Dit schreef de Nikolaj Gogol over Rusland in ‘Dode zielen’ uit 1842. Dostojevski, Tolstoj en andere grote schrijvers uit de negentiende eeuw schreven over de Russische ziel, die vooral grenzeloos is. In het goede, maar ook in het kwade, in de liefde en in de drank, in het verkeer en in de politiek. De Rus zou pas leven als hij zich vol overgave in het ongewisse stort. Dat geldt ook voor Tsjitsjikow, de hoofdpersoon van ‘Dode zielen’:

“De ongelukkige, verbitterde man die nog zo kort geleden met de nonchalante vlotheid van een salonheld of een militair had rondgefladderd, wentelde nu als een verdwaasde in een aan flarden gescheurde frak, met een losgeknoopte pantalon en met een tot bloedens toe wond geslagen vuist rond, alle boze machten verwensend die de mens het leven vergallen en onmogelijk maken.”
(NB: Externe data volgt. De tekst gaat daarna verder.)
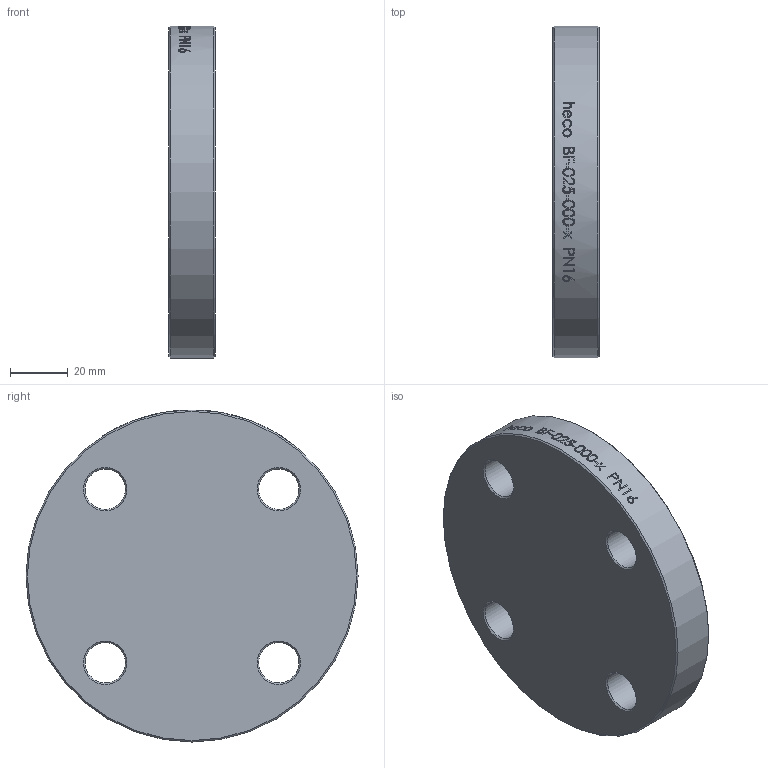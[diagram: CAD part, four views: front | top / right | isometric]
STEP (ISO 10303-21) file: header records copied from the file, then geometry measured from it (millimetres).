
FILE_DESCRIPTION (( 'STEP AP214' ), '1' );
FILE_NAME ('BF-025-000-x Blindflansch PN16 DIN2527 2103.STEP', '2021-03-05T08:49:20', ( '' ), ( '' ), 'SwSTEP 2.0', 'SolidWorks 2019', '' );
FILE_SCHEMA (( 'AUTOMOTIVE_DESIGN' ));
Length unit declared in the file: millimetre
Products named in the file (1): BF-025-000-x Blindflansch PN16 DIN2527 2103
Bounding box: 16 x 115 x 115 mm (x, y, z)
Volume: 156201 mm3; surface area: 27824.9 mm2
Topology: 1 solids, 1 shells, 49 faces, 253 edges, 235 vertices
Faces by surface type: cylinder 37, cone 10, plane 2
Full cylindrical faces by diameter (mm): 14 x4, 115 x1
Entity records: 6309 total; most frequent: CARTESIAN_POINT 4244, ORIENTED_EDGE 448, DIRECTION 252, EDGE_CURVE 224, VERTEX_POINT 224, B_SPLINE_CURVE_WITH_KNOTS 131, AXIS2_PLACEMENT_3D 111, EDGE_LOOP 100
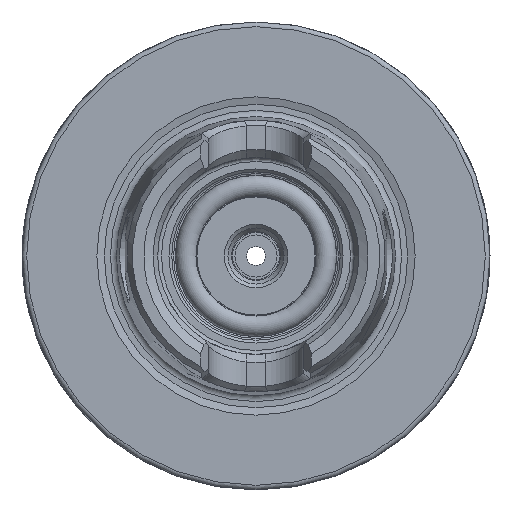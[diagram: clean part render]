
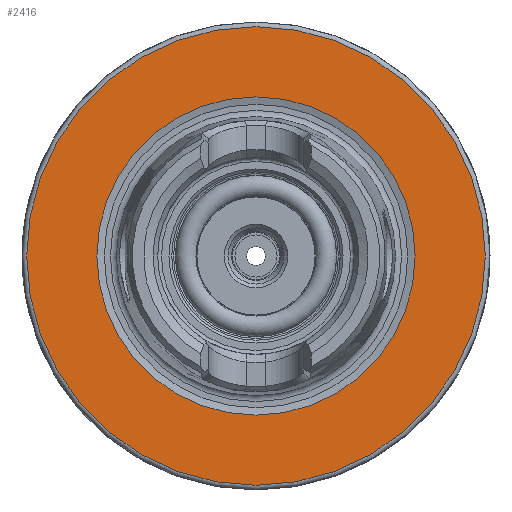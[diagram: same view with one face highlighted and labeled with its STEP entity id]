
A CAD part, left-side view. The second image highlights one B-rep face of the part: STEP entity #2416.
In plain terms, the highlighted planar face has unit normal (-1, 0, 0).
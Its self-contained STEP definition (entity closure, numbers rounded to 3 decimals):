
#2385=CARTESIAN_POINT('',(0.0,24.5,0.0));
#2386=VERTEX_POINT('',#2385);
#2387=CARTESIAN_POINT('',(0.0,0.0,0.0));
#2388=DIRECTION('',(1.0,0.0,0.0));
#2389=DIRECTION('',(0.0,1.0,0.0));
#2390=AXIS2_PLACEMENT_3D('',#2387,#2388,#2389);
#2391=CIRCLE('',#2390,24.5);
#2392=EDGE_CURVE('',#2386,#2386,#2391,.T.);
#2397=CARTESIAN_POINT('',(0.0,20.75,0.0));
#2398=DIRECTION('',(-1.0,0.0,0.0));
#2399=DIRECTION('',(0.0,0.0,1.0));
#2400=AXIS2_PLACEMENT_3D('',#2397,#2398,#2399);
#2401=PLANE('',#2400);
#2402=ORIENTED_EDGE('',*,*,#2392,.F.);
#2403=EDGE_LOOP('',(#2402));
#2404=FACE_OUTER_BOUND('',#2403,.T.);
#2405=CARTESIAN_POINT('',(0.0,17.,0.0));
#2406=VERTEX_POINT('',#2405);
#2407=CARTESIAN_POINT('',(0.0,0.0,0.0));
#2408=DIRECTION('',(1.0,0.0,0.0));
#2409=DIRECTION('',(0.0,1.0,0.0));
#2410=AXIS2_PLACEMENT_3D('',#2407,#2408,#2409);
#2411=CIRCLE('',#2410,17.);
#2412=EDGE_CURVE('',#2406,#2406,#2411,.T.);
#2413=ORIENTED_EDGE('',*,*,#2412,.T.);
#2414=EDGE_LOOP('',(#2413));
#2415=FACE_BOUND('',#2414,.T.);
#2416=ADVANCED_FACE('',(#2404,#2415),#2401,.T.);
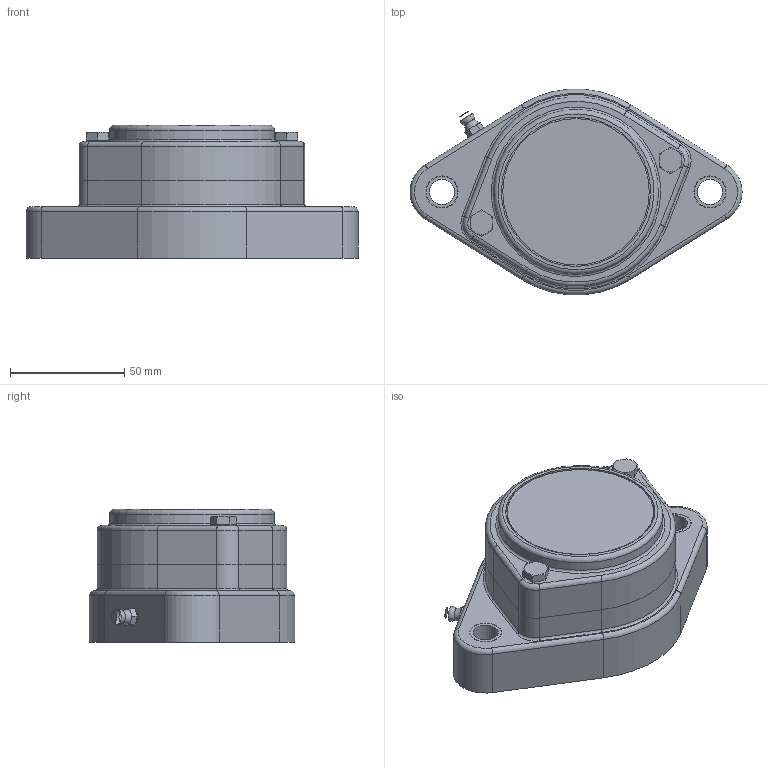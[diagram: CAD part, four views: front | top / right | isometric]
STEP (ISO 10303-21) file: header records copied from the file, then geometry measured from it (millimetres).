
FILE_DESCRIPTION(/* description */ (''),/* implementation_level */ '2;1');
FILE_NAME(/* name */ 'NGB30F20.stp',/* time_stamp */ '2024-09-27T08:34:43+02:00',/* author */ ('rkk'),/* organization */ (''),/* preprocessor_version */ 'ST-DEVELOPER v19.2',/* originating_system */ 'Autodesk Inventor 2023',/* authorisation */ '');
FILE_SCHEMA (('AUTOMOTIVE_DESIGN { 1 0 10303 214 3 1 1 }'));
Length unit declared in the file: millimetre
Products named in the file (1): Part20
Bounding box: 145 x 89.71 x 58.15 mm (x, y, z)
Volume: 284461.4 mm3; surface area: 81027.3 mm2
Topology: 6 solids, 15 shells, 370 faces, 875 edges, 555 vertices
Faces by surface type: plane 136, cylinder 125, cone 56, torus 48, sphere 5
Full cylindrical faces by diameter (mm): 2.4 x1, 3 x1, 4.917 x2, 5.459 x2, 6 x5, 6.5 x2, 8 x2, 8.7 x2, 9 x2, 11 x2, 14 x2, 30 x2, 34.2 x1, 36.5 x1, 37.4 x2, 40 x1, 40.25 x2, 42.15 x1, 44 x1, 51.65 x1, 53.55 x4, 64 x2, 65.2 x1, 70.2 x2, 72 x1
Entity records: 11620 total; most frequent: CARTESIAN_POINT 2292, DIRECTION 1986, ORIENTED_EDGE 1760, EDGE_CURVE 880, AXIS2_PLACEMENT_3D 829, VERTEX_POINT 579, CIRCLE 458, EDGE_LOOP 441

In het oude Rusland waren landeigenaren ook eigenaar van de boeren, waarover zij belasting moesten betalen. Tsjitsjikow koopt boeren op die zijn gestoven, maar nog steeds staan geregistreerd. Deze ‘dode zielen’ wil hij gebruiken als onderpand om geld te kunnen lenen. De rondgang van de verarmde edelman toont echter vooral de geestelijke armoede van de Russische grondbezitters, de ware ‘dode zielen’ in dit boek.

De rusteloosheid van de Russische ziel die Gogol beschrijft trof ook het boek zelf: de schrijver vernietigde het tweede deel van ‘Dode zielen’. Tegen het einde moet de lezer het doen met oudere delen en fragmenten, totdat de roman eindigt in het niets. Gogol werd zijn eigen hoofdpersoon: het boek werd zelf een dode ziel, het resultaat van een grenzeloos project om zoiets ongrijpbaars te pakken als de ziel van een volk.

Het is onmogelijk om de ziel van een volk te vatten. Dit is een typisch negentiende eeuwse opvatting, die ook in Nederland populair was. In onze literatuur werden Nederlanders destijds geportretteerd als praktisch en gematigd. Geheel zonder grond blijken dit soort beelden echter niet. Dit Vriendschapsjaar gaf in ieder geval een prachtige bevestiging van de klassieke vooroordelen over het polderende Nederland tegenover het roekeloze Rusland.